(Exercise goal): Go through the data and copy each line where the string "stroke" appears.

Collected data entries

○ ○ ○ ○

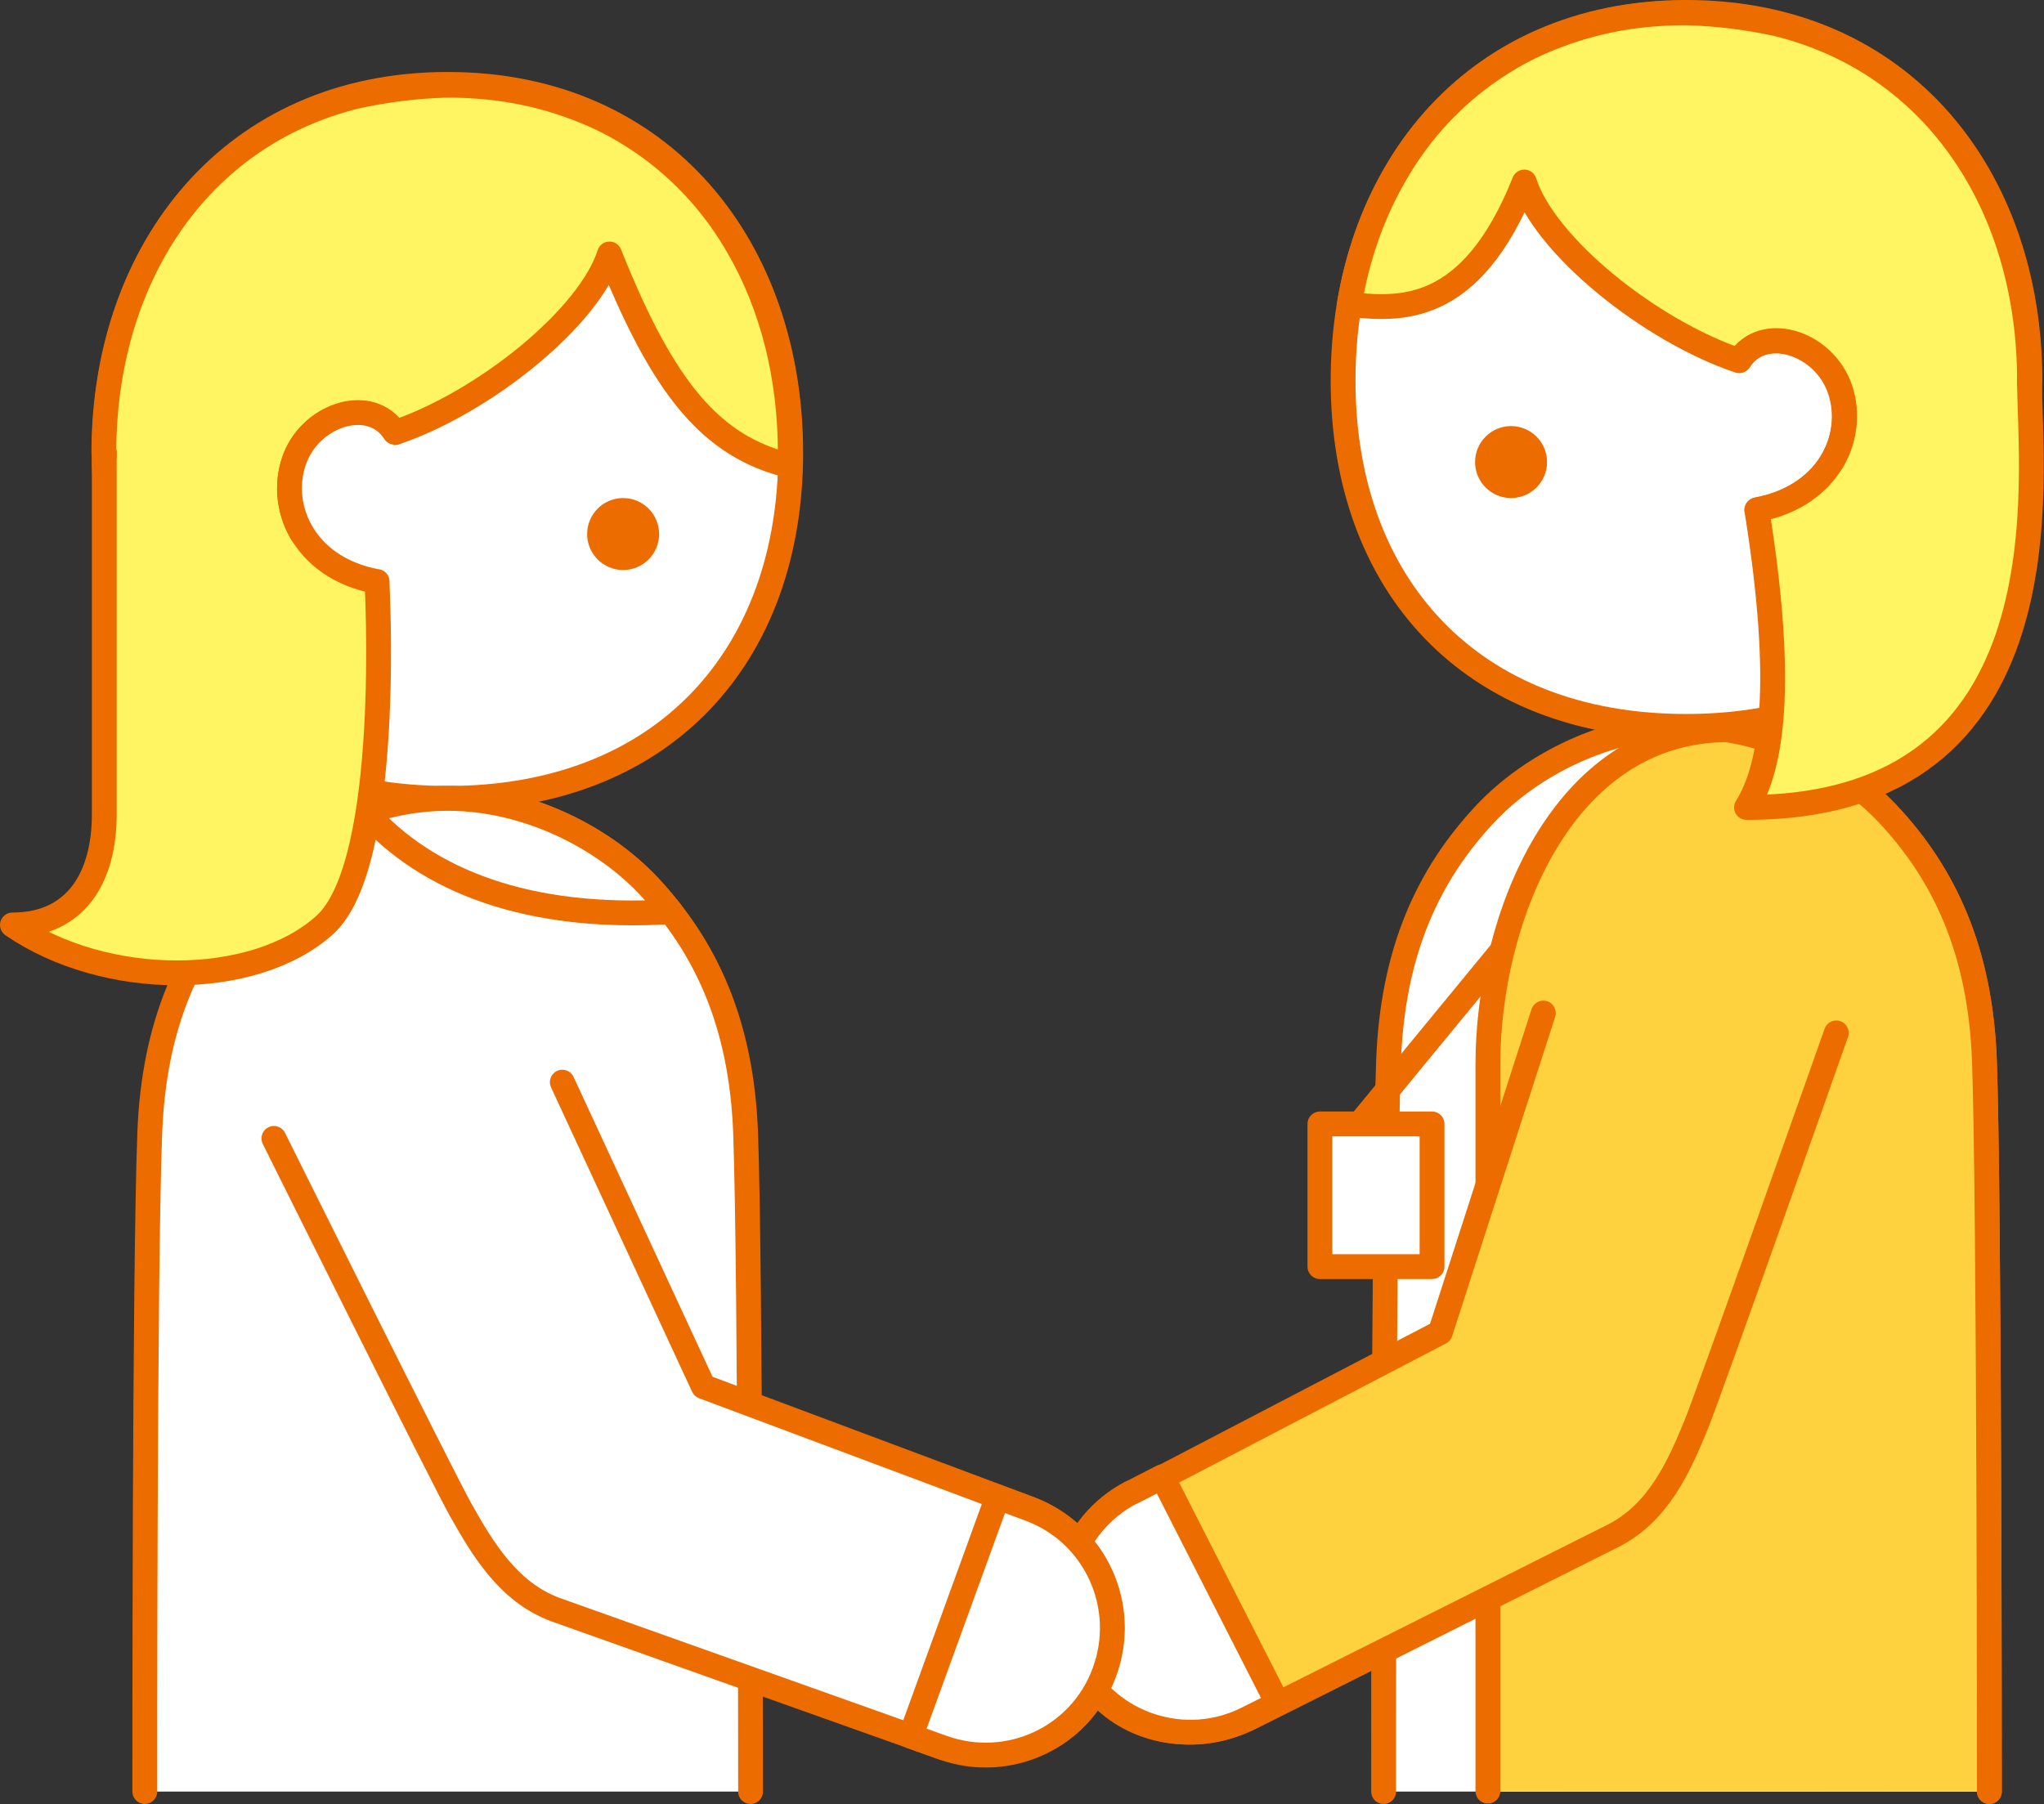 <?xml version="1.0" encoding="UTF-8"?>
<svg id="_レイヤー_2" data-name="レイヤー 2" xmlns="http://www.w3.org/2000/svg" viewBox="0 0 49.4 43.61">
  <rect x="0" y="0" width="49.4" height="43.61" fill="#333333" stroke="none"/>
  <defs>
    <style>
      .cls-1 {
        fill: #fff;
      }

      .cls-1, .cls-2, .cls-3, .cls-4 {
        stroke-width: 0px;
      }

      .cls-5 {
        fill: none;
        stroke: #ed6c00;
        stroke-linecap: round;
        stroke-linejoin: round;
        stroke-width: .6px;
      }

      .cls-2 {
        fill: #ed6c00;
      }

      .cls-3 {
        fill: #fff462;
      }

      .cls-4 {
        fill: #fdd23e;
      }
    </style>
  </defs>
  <g id="_レイヤー_1-2" data-name="レイヤー 1">
    <g>
      <path class="cls-1" d="M47.96,25.63c-.1-2.61-.94-4.47-2.34-5.96-1.12-1.19-2.96-2.12-4.86-2.12s-3.74.93-4.86,2.12c-1.4,1.49-2.24,3.35-2.34,5.96-.13,3.31-.12,17.68-.12,17.68h14.65s0-14.37-.12-17.68"/>
      <path class="cls-5" d="M48.08,43.31s0-14.37-.12-17.68c-.1-2.61-.94-4.47-2.34-5.96-1.12-1.19-2.96-2.12-4.86-2.12s-3.74.93-4.86,2.12c-1.4,1.49-2.24,3.35-2.34,5.96-.13,3.31-.12,17.68-.12,17.68"/>
      <line class="cls-5" x1="40.76" y1="17.56" x2="32.86" y2="27.17"/>
      <path class="cls-4" d="M48.08,43.31s0-14.37-.12-17.68c-.1-2.61-.94-4.47-2.34-5.96-.92-.98-2.35-1.78-3.89-2.03-3.99.03-5.77,4.59-5.77,8.09v17.57"/>
      <path class="cls-5" d="M48.08,43.31s0-14.37-.12-17.68c-.1-2.61-.94-4.47-2.34-5.96-.92-.98-2.35-1.78-3.89-2.03-3.99.03-5.77,4.59-5.77,8.09v17.57"/>
      <path class="cls-1" d="M49.05,9.2c0,4.91-3.08,8.36-8.3,8.36s-8.29-3.44-8.29-8.36S35.54.3,40.76.3s8.3,3.98,8.3,8.9"/>
      <path class="cls-5" d="M49.05,9.2c0,4.91-3.08,8.36-8.3,8.36s-8.29-3.44-8.29-8.36S35.54.3,40.76.3s8.3,3.98,8.3,8.9Z"/>
      <path class="cls-2" d="M35.65,11.17c0,.48.39.87.87.87s.87-.39.87-.87-.39-.87-.87-.87-.87.39-.87.87"/>
      <path class="cls-3" d="M49.05,9.2c0,3.34-1.43,6-3.99,7.37-1.58-.96-1.97-2.16-2.6-4.24,1.82-.34,2.42-1.89,1.97-3.01-.43-1.06-1.84-1.48-2.4-.6-2.16-.73-4.7-2.78-5.19-4.32-1.3,3.26-3.05,3.08-4.23,2.96.19-1.14.56-2.2,1.1-3.13.54-.95,1.26-1.76,2.13-2.4.44-.32.91-.6,1.42-.82.51-.22,1.06-.4,1.64-.52.58-.12,1.2-.18,1.85-.18.79.02,1.52.12,2.21.27,3.86.96,6.09,4.45,6.09,8.62"/>
      <path class="cls-5" d="M49.05,9.2c0,3.34-1.43,6-3.99,7.37-1.58-.96-1.97-2.16-2.6-4.24,1.82-.34,2.42-1.89,1.97-3.01-.43-1.06-1.84-1.48-2.4-.6-2.16-.73-4.7-2.78-5.19-4.32-1.3,3.26-3.05,3.08-4.23,2.96.19-1.14.56-2.2,1.1-3.13.54-.95,1.26-1.76,2.13-2.4.44-.32.91-.6,1.42-.82.51-.22,1.06-.4,1.64-.52.58-.12,1.2-.18,1.85-.18.79.02,1.52.12,2.21.27,3.86.96,6.09,4.45,6.09,8.62Z"/>
      <path class="cls-4" d="M44.38,24.97s-3.08,8.73-3.39,9.48c-.41,1-.9,2.1-1.97,2.66l-8.79,4.41c-1.19.59-2.67.45-3.6-.49-1.55-1.57-1.06-4,.72-4.93l7.46-3.89,2.49-7.72"/>
      <path class="cls-5" d="M44.38,24.97s-3.08,8.73-3.39,9.48c-.41,1-.9,2.1-1.97,2.66l-8.79,4.41c-1.19.59-2.67.45-3.6-.49-1.55-1.57-1.06-4,.72-4.93l7.46-3.89,2.49-7.72"/>
      <path class="cls-1" d="M27.35,36.08l.74-.38,2.79,5.48-.74.37c-1.49.75-3.32.16-4.1-1.33-.78-1.5-.2-3.36,1.3-4.14"/>
      <path class="cls-5" d="M27.35,36.08l.74-.38,2.79,5.48-.74.37c-1.49.75-3.32.16-4.1-1.33-.78-1.5-.2-3.36,1.3-4.14Z"/>
      <path class="cls-1" d="M2.52,10.94c0,4.91,3.08,8.36,8.3,8.36s8.29-3.44,8.29-8.36S16.03,2.04,10.82,2.04,2.52,6.03,2.52,10.94"/>
      <path class="cls-5" d="M2.52,10.94c0,4.91,3.08,8.36,8.3,8.36s8.29-3.44,8.29-8.36S16.03,2.04,10.82,2.04,2.52,6.03,2.52,10.94Z"/>
      <path class="cls-2" d="M15.93,12.91c0,.48-.39.87-.87.87s-.87-.39-.87-.87.39-.87.87-.87.87.39.87.87"/>
      <path class="cls-1" d="M18.14,43.31s0-12.62-.12-15.93c-.1-2.61-.94-4.47-2.34-5.96-1.12-1.19-2.96-2.12-4.86-2.12s-3.74.93-4.86,2.12c-1.4,1.49-2.24,3.35-2.34,5.96-.13,3.31-.12,15.93-.12,15.93"/>
      <path class="cls-5" d="M18.14,43.31s0-12.62-.12-15.93c-.1-2.61-.94-4.47-2.34-5.96-1.12-1.19-2.96-2.12-4.86-2.12s-3.74.93-4.86,2.12c-1.4,1.49-2.24,3.35-2.34,5.96-.13,3.31-.12,15.93-.12,15.93"/>
      <path class="cls-1" d="M8.84,19.63c1.48,1.67,3.93,2.62,7.37,2.41-.17-.21-.34-.42-.53-.62-1.12-1.19-2.96-2.12-4.86-2.12-.68,0-1.34.12-1.97.33"/>
      <path class="cls-5" d="M8.84,19.63c1.48,1.67,3.93,2.62,7.37,2.41-.17-.21-.34-.42-.53-.62-1.12-1.19-2.96-2.12-4.86-2.12-.68,0-1.34.12-1.97.33Z"/>
      <path class="cls-3" d="M2.52,10.94c0,3.34,1.43,6,3.99,7.37.97-.59,2.54-.74,2.54-1.74,0-.84.06-1.42.06-2.5-1.82-.34-2.42-1.89-1.97-3.01.43-1.06,1.84-1.48,2.4-.6,2.16-.73,4.7-2.78,5.19-4.32,1.3,3.26,2.46,4.66,4.36,5.12,0-.1.01-.21.01-.31,0-1.84-.43-3.55-1.25-4.97-.54-.95-1.26-1.76-2.13-2.4-.44-.32-.91-.6-1.42-.82-.51-.22-1.06-.4-1.64-.52-.58-.12-1.2-.18-1.85-.18-.79.02-1.52.12-2.21.27-3.86.96-6.09,4.45-6.09,8.62"/>
      <path class="cls-5" d="M2.52,10.94c0,3.34,1.43,6,3.99,7.37.97-.59,2.54-.74,2.54-1.74,0-.84.06-1.42.06-2.5-1.82-.34-2.42-1.89-1.97-3.01.43-1.06,1.84-1.48,2.4-.6,2.16-.73,4.7-2.78,5.19-4.32,1.3,3.26,2.46,4.66,4.36,5.12,0-.1.01-.21.01-.31,0-1.84-.43-3.55-1.25-4.97-.54-.95-1.26-1.76-2.13-2.4-.44-.32-.91-.6-1.42-.82-.51-.22-1.06-.4-1.64-.52-.58-.12-1.2-.18-1.85-.18-.79.02-1.52.12-2.21.27-3.86.96-6.09,4.45-6.09,8.62Z"/>
      <path class="cls-3" d="M2.52,10.94v8.75c0,1.5-.67,2.67-2.22,2.67,2.23,1.54,5.83,1.55,7.55,0,1.65-1.49,1.26-8.3,1.26-8.3"/>
      <path class="cls-5" d="M2.52,10.94v8.75c0,1.5-.67,2.67-2.22,2.67,2.23,1.54,5.83,1.55,7.55,0,1.65-1.49,1.26-8.3,1.26-8.3"/>
      <path class="cls-1" d="M6.62,27.52s4.12,8.29,4.52,8.99c.53.94,1.15,1.98,2.28,2.4l9.27,3.3c1.25.44,2.7.12,3.51-.93,1.35-1.75.56-4.1-1.32-4.81l-7.88-2.95-3.41-7.36"/>
      <path class="cls-5" d="M6.62,27.52s4.12,8.29,4.52,8.99c.53.94,1.15,1.98,2.28,2.4l9.27,3.3c1.25.44,2.7.12,3.51-.93,1.35-1.75.56-4.1-1.32-4.81l-7.88-2.95-3.41-7.36"/>
      <path class="cls-1" d="M24.89,36.48l-.78-.29-2.1,5.78.78.28c1.58.56,3.32-.24,3.9-1.82.59-1.59-.21-3.36-1.8-3.95"/>
      <path class="cls-5" d="M24.89,36.48l-.78-.29-2.1,5.78.78.28c1.58.56,3.32-.24,3.9-1.82.59-1.59-.21-3.36-1.8-3.95Z"/>
      <rect class="cls-1" x="31.9" y="27.17" width="2.71" height="3.45"/>
      <rect class="cls-5" x="31.9" y="27.17" width="2.71" height="3.45"/>
      <path class="cls-1" d="M9.11,14.06c-1.82-.34-2.42-1.89-1.97-3.01.43-1.06,1.84-1.48,2.4-.6"/>
      <path class="cls-5" d="M9.11,14.06c-1.82-.34-2.42-1.89-1.97-3.01.43-1.06,1.84-1.48,2.4-.6"/>
      <path class="cls-3" d="M49.05,9.2c0,2.32,1.03,10.32-6.84,10.32.61-.97.93-2.95.25-7.19"/>
      <path class="cls-5" d="M49.05,9.2c0,2.32,1.03,10.32-6.84,10.32.61-.97.93-2.95.25-7.19"/>
      <path class="cls-5" d="M42.47,12.32c1.81-.34,2.42-1.89,1.97-3.01-.43-1.06-1.84-1.48-2.4-.6"/>
    </g>
  </g>
</svg>

○ ○ ○ ○

(Output for this task):
  <rect x="0" y="0" width="49.4" height="43.61" fill="#333333" stroke="none"/>
        stroke-width: 0px;
        stroke: #ed6c00;
        stroke-linecap: round;
        stroke-linejoin: round;
        stroke-width: .6px;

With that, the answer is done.